The New York Times conveniently compiled a list of The Donald’s tacky snipes , so there’s no reason to dwell on the nasty divisiveness that spews forth from His Orangeness, but it does rub against the grain even more abrasively when juxtaposed aside the anthropological construct that says humanity itself … the very basics of what makes humans human and separates us from apes … began evolutionarily with sharing.

As Leakey states in his 1981 book, “The Making of Mankind”, sharing is THE factor that puts us where we are, “ … the food sharing hypothesis is a strong candidate for explaining what set early humans on the road to modern man.”

The Smithsonian’s Richard Potts notes in “Early Hominid Activities at Olduvai”:

The home-base, food-sharing hypothesis integrates so many aspects of human behavior and social life that are important to anthropologists — reciprocity systems, exchange, kinship, subsistence, division of labor and language.

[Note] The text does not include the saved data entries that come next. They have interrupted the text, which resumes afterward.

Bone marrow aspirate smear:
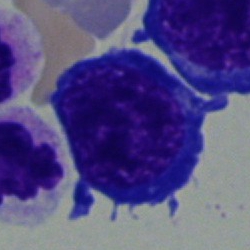Impression — erythroblast.
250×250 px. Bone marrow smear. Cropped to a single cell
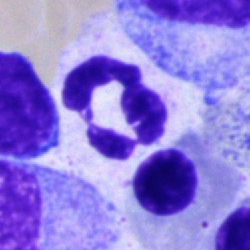

A polymorphonuclear neutrophil.
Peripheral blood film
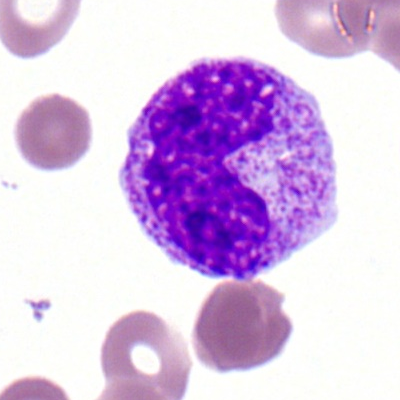
{"cell_type": "neutrophil (band)", "lineage": "myeloid"}
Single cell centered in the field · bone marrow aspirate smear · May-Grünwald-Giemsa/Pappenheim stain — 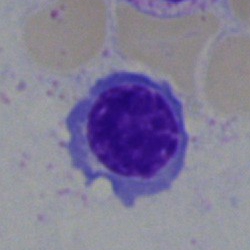

Specimen: bone marrow aspirate smear.
Cell: nucleated red cell.
Lineage: erythroid.
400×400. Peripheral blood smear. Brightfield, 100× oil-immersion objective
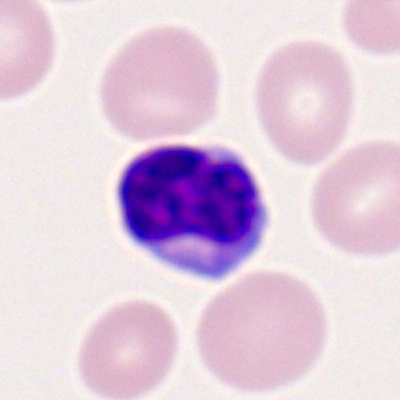

Typical lymphocyte.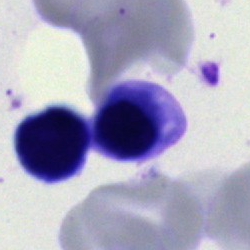 Cell: nucleated red blood cell.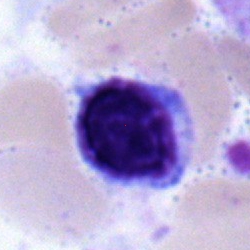 A lymphocyte.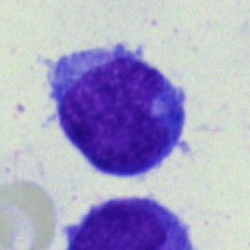Showing a blast cell.
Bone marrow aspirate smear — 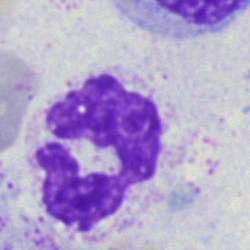

Impression → neutrophil (segmented).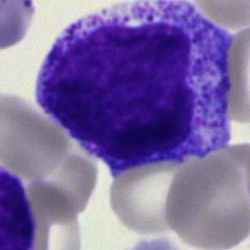
Cell — progranulocyte.
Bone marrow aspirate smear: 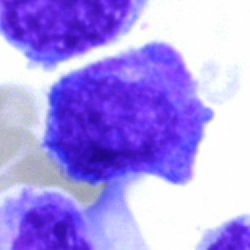Morphology — myelocyte.
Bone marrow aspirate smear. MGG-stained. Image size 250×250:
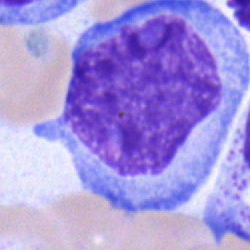 {"cell_type": "blast"}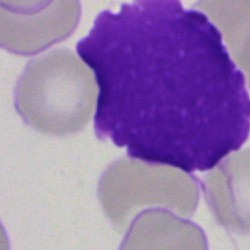
Morphological class: artefact.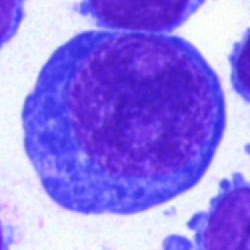 Impression → nucleated red cell.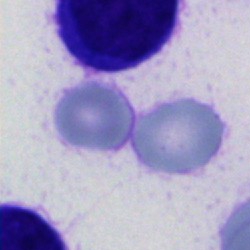 Cell = other cell type.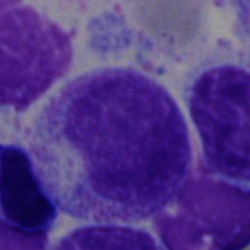Cell = myelocyte.
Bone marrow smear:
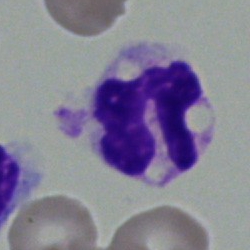 Cell type: neutrophil (segmented).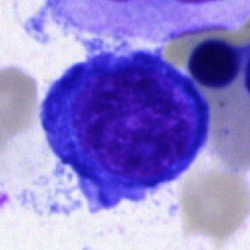Cell — nucleated red blood cell.
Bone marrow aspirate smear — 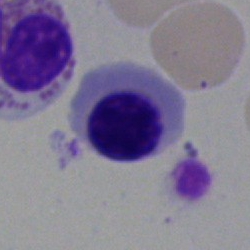 This is an erythroblast.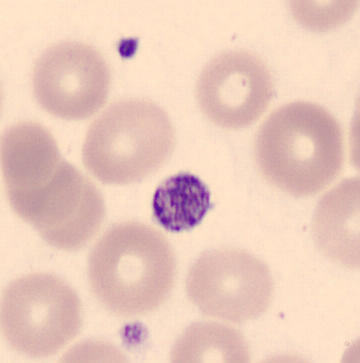Peripheral blood film.

Q: What is shown here?
A: It is a thrombocyte.
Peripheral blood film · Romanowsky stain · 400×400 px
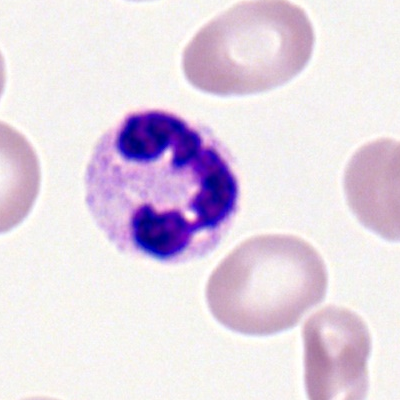 {"cell_type": "segmented neutrophil"}
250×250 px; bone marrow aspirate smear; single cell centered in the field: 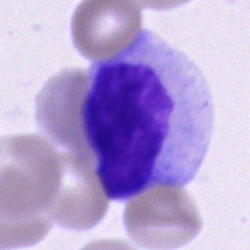Q: What type of cell is this?
A: This is an unidentifiable cell.
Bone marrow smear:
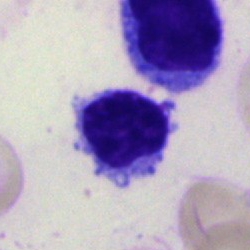

Cell = typical lymphocyte.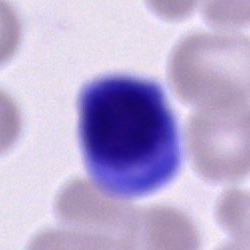 A cell of indeterminate lineage on a bone marrow smear.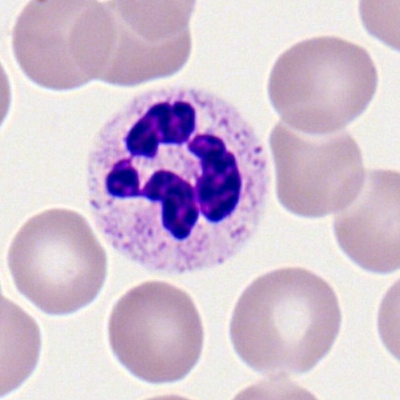
Specimen: peripheral blood film.
Cell type: segmented neutrophil.
Lineage: myeloid.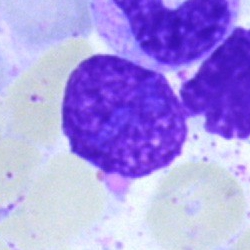
The cell is artefact.
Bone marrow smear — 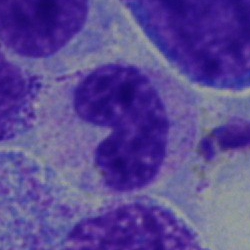Classification — band neutrophil.
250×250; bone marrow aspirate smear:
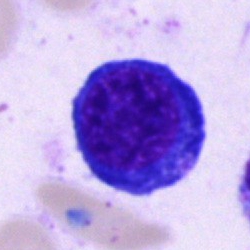
Impression — normoblast.

Yet 1.5 million years later where are we?

We are in a world that just made a lying bigot with zero experience, no integrity, ethics or morals the most powerful man on the planet, not only suggesting democracy is a failed system, but also that evolution has come to naught. Sharing made us human, now not sharing will reduce us to whatever form of cockroach-like scramblers we are destined to become as Earth revolts against perpetual rape and some learn the hard way that avarice is actually one of the seven deadly sins.